Darn, this new computer is a bear.
Anyway, by front effects I mean what the drug, any drug, is supposed to do, that is, fight off whatever. I doubt my neuro would go the MRI route again so soon, and I can understand why, really. As to IV steroids, I've had 2 courses in the past, and they didn't help much, but if this med for TN isn't effective I'll start asking for another round
Corrie, yes I think this is a flare. It meets the definition precisely. I also think what you describe is a flare for you. You don't need new or enhancing lesions for a flare.
Immi, I'm in the eastern US time zone, so 5 hours behind you, I believe. Thanks for the good vibes.
ess
Thank you all for your kind words. I picked up the Carbamezapine (generic Tegretol) and took the first dose over an hour ago, and so far, so bad. Don't know how long it takes to work or whether it has to build up to be effective. Here's a good one--these are to be chewed. Great idea for people with face pain, especially those for whom eating and drinking anything seems to be a trigger. What's wrong with this picture?
This morning after I ate some cereal I was in pain but thirsty, so I thought some ice water might help, cold being good for dulling pain and all. Wrong! Yikes. I think I'll need to buy some straws to keep from getting dehydrated.
I had MRIs in March of this year and last. Both said there was nothing new, but I really don't know how they can tell. On both sides of the ventricles, extending the whole way and beyond, there's nothing but non-enhancing lesions, totally overlapping and 'confluent,' as the saying goes. Last year I had a big relapse that lasted from January through about April or maybe May, so they didn't want to start me on Tec till it was really over, and that was in late July. I had bad gastro effects from the drug when I got to the full dosage, so I was stopped and restarted in September (at a much slower rate). That worked fine and without side effects.

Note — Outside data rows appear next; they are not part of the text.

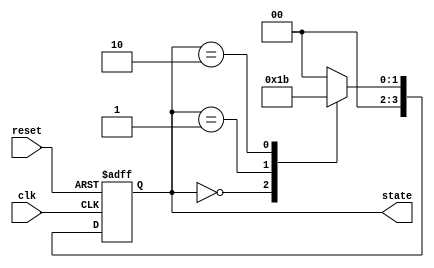
module StateInitialization (
    input wire clk,              // Clock signal
    input wire reset,            // Active-high reset signal
    output reg [3:0] state       // State output (4-bit for example)
);

// Internal state initialization values
localparam STATE_IDLE = 4'b0000;
localparam STATE_READY = 4'b0001;
localparam STATE_PROCESS = 4'b0010;
localparam STATE_COMPLETE = 4'b0011;

// Always block for state initialization and updates
always @(posedge clk or posedge reset) begin
    if (reset) begin
        // On reset, initialize the state to predefined value
        state <= STATE_IDLE;  // Set to initial state
    end else begin
        // State transition logic (example: simple state machine)
        case (state)
            STATE_IDLE: begin
                // Transition logic for IDLE state
                // For example, move to READY state when some condition is met
                state <= STATE_READY; // This could be conditional based on inputs
            end
            
            STATE_READY: begin
                // Transition logic for READY state
                state <= STATE_PROCESS; // Move to PROCESS state
            end
            
            STATE_PROCESS: begin
                // Transition logic for PROCESS state
                // Example condition to complete processing
                state <= STATE_COMPLETE; // Move to COMPLETE state
            end
            
            STATE_COMPLETE: begin
                // Transition logic for COMPLETE state
                // Example: reset to IDLE or wait for new input
                state <= STATE_IDLE; // Reset to IDLE for simplicity
            end
            
            default: begin
                state <= STATE_IDLE; // Fallback to IDLE on unexpected state
            end
        endcase
    end
end

endmodule

Now I'm wondering about 'front effects,' as I like to call them, meaning
Sounds just awful, Ess. I was also thinking a MRI might be a good idea. In the meantime, have you considered a round of IVSM?

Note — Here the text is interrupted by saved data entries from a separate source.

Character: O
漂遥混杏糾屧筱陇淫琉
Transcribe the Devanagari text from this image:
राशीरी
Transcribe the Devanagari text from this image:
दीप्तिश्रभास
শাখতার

Oh you poor thing! I have heard the horror stories abou TN pain. I hope the Tegretol does the trick and does it FAST!!
No personal experience with TN but having been on Tec for 14 months I get why you are starting to question its effectiveness.

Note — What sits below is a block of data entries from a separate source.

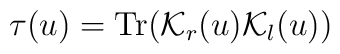
\tau (u)={\rm Tr}( {\cal K}_{r}(u){\cal K}_{l}(u))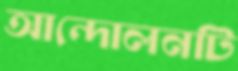
আন্দোলনটি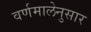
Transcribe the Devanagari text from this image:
वर्णमालेनुसार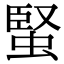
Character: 蜸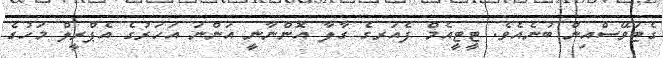
ގެޓަވޭސްއިން ބުނެއެވެ. ޓީޓީއެމް ފެއަރގެ ގާލާ އޮންނާނީ އަންނަ އަހަރުގެ އެޕްރީލް މަހުގެ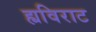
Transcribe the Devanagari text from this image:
ह्यविराट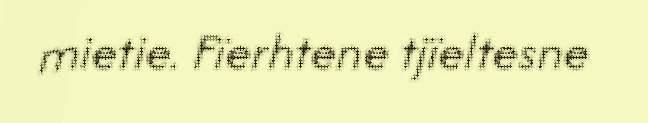
mietie. Fïerhtene tjïeltesne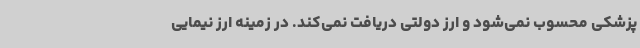
پزشکی محسوب نمی‌شود و ارز دولتی دریافت نمی‌کند. در زمینه ارز نیمایی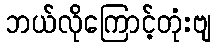
ဘယ်လိုကြောင့်တုံးဗျ

I had a potential MS flare earlier this year. Neuro is on the fence as to whether or not it was MS or something else. I have since developed paresthesia and after a month of being in a large area it has settled into a smaller area where it has remained pretty much constant after 3 months.
Interestingly my MRI in Feb showed no new lesions so who knows?
Between your paresthesia and now TN, do you think you are experiencing a flare?
Best wishes for speedy pain relief,
Corrie
I've heard that TN could be used to extract state secrets, it's that bad. I'm so, so sorry you're experiencing this. I've not had it myself, but I've looked into it enough to know I never want it.
I'm afraid I'm a wash-out as far as Tegretol doses go.
As for Tecfedira, you know yourself the goal is fewer relapses than would have been experienced without the DMD. Did you have an MRI right before you started? It might be the only way to really judge efficacy. I just mention it in the sense that it's always difficult to gauge what we're experiencing compared to what we *might* have experienced otherwise. Put bluntly, this could be the version of this disease that IS better than what you might have otherwise experienced.
But don't think for a moment I'm recommending a grin and bare it approach if you truly feel you've done your time with this drug. We all have to stay flexible when it comes to so many things, meds included.
I don't know your time zone, so I can't do the maths, but I'm still watching that clock for you and willing noon to hurry up. Hugs to you, Ess.